My guess is that, if you support the plaintiffs in HHS v. Florida, you do so because you see the mandate as a threat to your personal freedom. Understandably, you don’t like the idea that your government can tell you to buy something you may not want. Health coverage itself is perfectly fine (a majority of the ACA’s detractors already have it), but coercion gives you the creeps. Me too.
Unfortunately, this lawsuit has little or nothing to do with our individual liberties. No iteration of the word “liberty” was mentioned in the March 27 oral arguments on the mandate’s constitutionality. Attorney for the private plaintiffs, Michael Carvin, mentioned “individual freedom” once, but only after he said this:
Well I don’t think the test of a law’s constitutionality is whether it more adheres to the libertarian principles of the Cato Institute or the statist principles of someone else. I think the test of a law’s constitutionality is not those policy questions; it’s whether or not the law is regulating things that negatively affect commerce or don’t.
To borrow from Bob Dylan, a favorite of mine and the Chief Justice’s, if you’re looking for someone to protect you and defend you, Carvin just said “It ain’t me, babe.” In a nutshell, his argument was this: Congress cannot regulate inactivity, and not buying health insurance is inactivity. Neither proposition is self-evident, but assume for a moment that the latter argument is true. What is at stake here?
Congress premised the individual mandate on its power to regulate commerce between the states, pursuant to Article I, Section 8 of the Constitution. This power is, in a word, tremendous. The Supreme Court, in a 2005 case about the personal growth of medical marijuana, put it like this:
First, Congress can regulate the channels of interstate commerce.
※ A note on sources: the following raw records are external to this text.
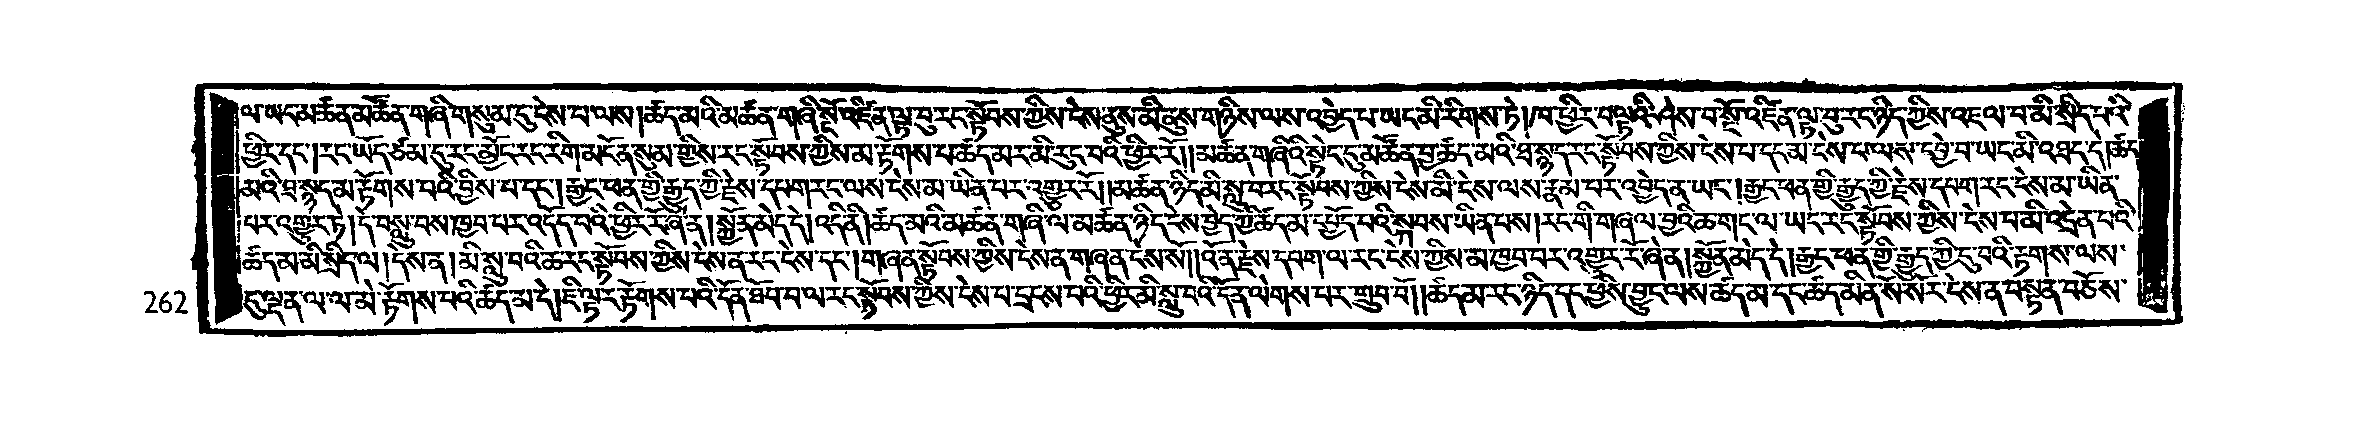ལ་ཡང་མཚན་མཚོན་གཞི་གསུམ་དུ་ངེས་པ་ལས། ཚད་མའི་མཚན་གཞི་སྔོ་འཛིན་ལྟ་བུ་རང་སྟོབས་ཀྱིས་ངེས་ནུས་མི་ནུས་གཉིས་ལས་འབྱེད་པ་ཡང་མི་རིགས་ཏེ། ཁ་ཕྱིར་བལྟའི་ཤེས་པ་སྔོ་འཛིན་ལྟ་བུ་རང་ཉིད་ཀྱིས་འཇལ་བ་མི་སྲིད་པའི་
ཕྱིར་དང་། རང་ཡོད་ཙམ་དུ་རང་མྱོང་རང་རིག་མངོན་སུམ་གྱིས་རང་སྟོབས་ཀྱིས་མ་རྟོགས་པ་ཚད་མར་མི་རུང་བའི་ཕྱིར་རོ། །མཚན་གཞིའི་སྟེང་དུ་མཚོན་བྱ་ཚད་མའི་ཐ་སྙད་རང་སྟོབས་ཀྱིས་ངེས་པ་དང་མ་ངེས་པ་ལས་དབྱེ་བ་ཡང་མི་འཐད་དེ། ཚད་
མའི་ཐ་སྙད་མ་རྟོགས་པའི་བྱིས་པ་དང་། རྒྱང་ཕན་གྱི་རྒྱུད་ཀྱི་རྗེས་དཔག་རང་ལས་ངེས་མ་ཡིན་པར་འགྱུར་རོ། །མཚན་ཉིད་མི་སླུ་བ་རང་སྟོབས་ཀྱིས་ངེས་མི་ངེས་ལས་རྣམ་པར་འབྱེད་ན་ཡང་། རྒྱང་ཕན་གྱི་རྒྱུད་ཀྱི་རྗེས་དཔག་རང་ངེས་མ་ཡིན་
པར་འགྱུར་ཏེ། དེ་བསླུ་བས་ཁྱབ་པར་འདོད་པའི་ཕྱིར་རོ་ཞེ་ན། སྐྱོན་མེད་དེ། འདི་ནི། ཚད་མའི་མཚན་གཞི་ལ་མཚན་ཉིད་ངེས་བྱེད་ཀྱི་ཚད་མ་དཔྱོད་པའི་སྐབས་ཡིན་པས། རང་གི་གཞལ་བྱའི་ཆ་གང་ལ་ཡང་རང་སྟོབས་ཀྱིས་ངེས་པ་མི་འདྲེན་པའི་
ཚད་མ་མི་སྲིད་ལ། དེས་ན། མི་སླུ་བའི་ཆ་རང་སྟོབས་ཀྱིས་ངེས་ན་རང་ངེས་དང་། གཞན་སྟོབས་ཀྱིས་ངེས་ན་གཞན་ངེས་སོ། །འོ་ན་རྗེས་དཔག་ལ་རང་ངེས་ཀྱིས་མ་ཁྱབ་པར་འགྱུར་རོ་ཞེ་ན། སྐྱོན་མེད་དེ། རྒྱང་ཕན་གྱི་རྒྱུད་ཀྱི་དུ་བའི་རྟགས་ལས་
དུ་ལྡན་ལ་ལ་མེ་རྟོགས་པའི་ཚད་མ་དེ། ཇི་ལྟར་རྟོགས་པའི་དོན་ཐོབ་པ་ལ་རང་སྟོབས་ཀྱིས་ངེས་པ་དྲངས་པའི་ཕྱིར་མི་སླུ་བའི་དོན་ལེགས་པར་གྲུབ་བོ། །ཚད་མ་རང་ཉིད་དང་ཕྱིས་བྱུང་ལས་ཚད་མ་དང་ཚད་མིན་སོ་སོར་ངེས་ན་བསྟན་བཅོས་

Second, Congress has authority to regulate and protect the instrumentalities of interstate commerce, and persons or things in interstate commerce.
Third, Congress has the power to regulate activities that substantially affect interstate commerce.
Carvin didn’t argue that health insurance does not substantially affect interstate commerce. That would be insane. Rather, he argued that although “free riders,” who don’t buy health insurance until they need it, do have a substantial effect on the cost of insurance, they simply haven’t done anything until they do it. And until they do, the federal government can’t touch them. But their state can.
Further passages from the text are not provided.